RAAF surgeon leads international medical team at RIMPAC

A RAAF medical officer is filling one of three component surgeon positions, charged with ensuring the care of more than 25,000 personnel participating in Exercise Rim of the Pacific (RIMPAC).

CAPTIONRAAF Group Captain Glenn Pascoe, Surgeon to the Combined Forces Air Component Command at Joint Base Pearl Harbor-Hickam Hawaii for Exercise RIMPAC, speaks with medical team members. Story by Lieutenant Carolyn Martin. Photo by Corporal Adam Abela.

Group Captain Glenn Pascoe is surgeon to the Combined Forces Air Component Command (CFACC) at Joint Base Pearl Harbor-Hickam in Hawaii.

Group Captain Pascoe is leading a medical team of 13 personnel, which includes three Canadians, one Britt, two New Zealanders and six US medical staff. The team is a combination of full-time and reserve personnel.

“Essentially, our role is to advise command on anything medical within the air component. That could include aeromedical evacuations as well as tracking any medical issues in real-world and exercise scenarios,” Group Captain Pascoe said.

“The team will advise on the care required for any injured or ill members from any nation from location to care, and then ensure their fitness to return to duty or to their home nation.”

Group Captain Pascoe’s CFACC deputy surgeon is Royal Canadian Air Force’s Lieutenant Colonel Aaron Minkley.

Lieutenant Colonel Minkley said the CFACC medical team was made up of the five nations from the ‘Five Eyes’ group of countries – Australia, Canada, New Zealand, the UK and the US – so interoperability agreements already existed for air medical evacuations.

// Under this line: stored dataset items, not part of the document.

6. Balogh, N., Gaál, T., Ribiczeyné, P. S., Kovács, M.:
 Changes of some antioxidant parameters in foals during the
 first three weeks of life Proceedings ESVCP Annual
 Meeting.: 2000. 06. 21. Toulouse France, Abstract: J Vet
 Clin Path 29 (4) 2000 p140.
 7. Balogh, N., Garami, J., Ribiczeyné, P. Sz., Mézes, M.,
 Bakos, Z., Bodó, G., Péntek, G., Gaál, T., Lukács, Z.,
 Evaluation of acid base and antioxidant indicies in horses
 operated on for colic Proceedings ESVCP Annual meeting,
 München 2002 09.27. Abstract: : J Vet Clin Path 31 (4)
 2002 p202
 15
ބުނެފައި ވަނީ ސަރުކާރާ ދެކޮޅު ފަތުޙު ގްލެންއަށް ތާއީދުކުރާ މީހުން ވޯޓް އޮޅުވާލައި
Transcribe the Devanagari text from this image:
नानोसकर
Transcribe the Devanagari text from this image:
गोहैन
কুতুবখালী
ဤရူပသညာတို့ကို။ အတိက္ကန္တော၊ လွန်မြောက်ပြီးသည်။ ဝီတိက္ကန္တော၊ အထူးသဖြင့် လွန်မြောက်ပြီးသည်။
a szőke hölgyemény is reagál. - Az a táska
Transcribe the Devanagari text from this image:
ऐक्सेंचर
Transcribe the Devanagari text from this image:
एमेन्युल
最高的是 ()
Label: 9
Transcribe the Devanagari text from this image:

“Five Eyes members are used to working together. What’s nice about RIMPAC is it expands that interoperability training to the 29 nations participating. It gives us the opportunity to work with nations that we haven’t worked closely with in the past, like European countries including Germany and France, as well as many Asian countries,” Lieutenant Colonel Minkley said.

“For example, yesterday one of my evacuation medical teams was on the US Navy aircraft carrier, USS Carl Vinson, working alongside healthcare teams from India and Brunei to expand our joint abilities to care for critically ill patients if required. That is a classic advantage of RIMPAC.”

This is the third RIMPAC exercise for Senior Chief Petty Officer Oliver Arceo, an enlisted hospital corpsman in the US Navy.

Senior Chief Petty Officer Arceo has taken on the role of coach and mentor for most of the team who are participating in RIMAPC for the first time.

“This is a fantastic multi-national crew that we have assembled together from different backgrounds. I’m very happy to be working with them in this exercise and just engaging with every single one of them,” Senior Chief Petty Officer Arceo said.

“We hope to learn how to work cooperatively and be in synch with maritime standards and how we handle situations and scenarios at RIMPAC as a group.”

Group Captain Pascoe said the team would be drawing on their collective experience, including his as Deputy Validating Flight Surgeon in the Combined Air Operations Centre in Iraq during 2003.

“I have faith that the team has the knowledge, experience and willingness to coordinate the health care required to their military friends and colleagues this RIMPAC,” Group Captain Pascoe said.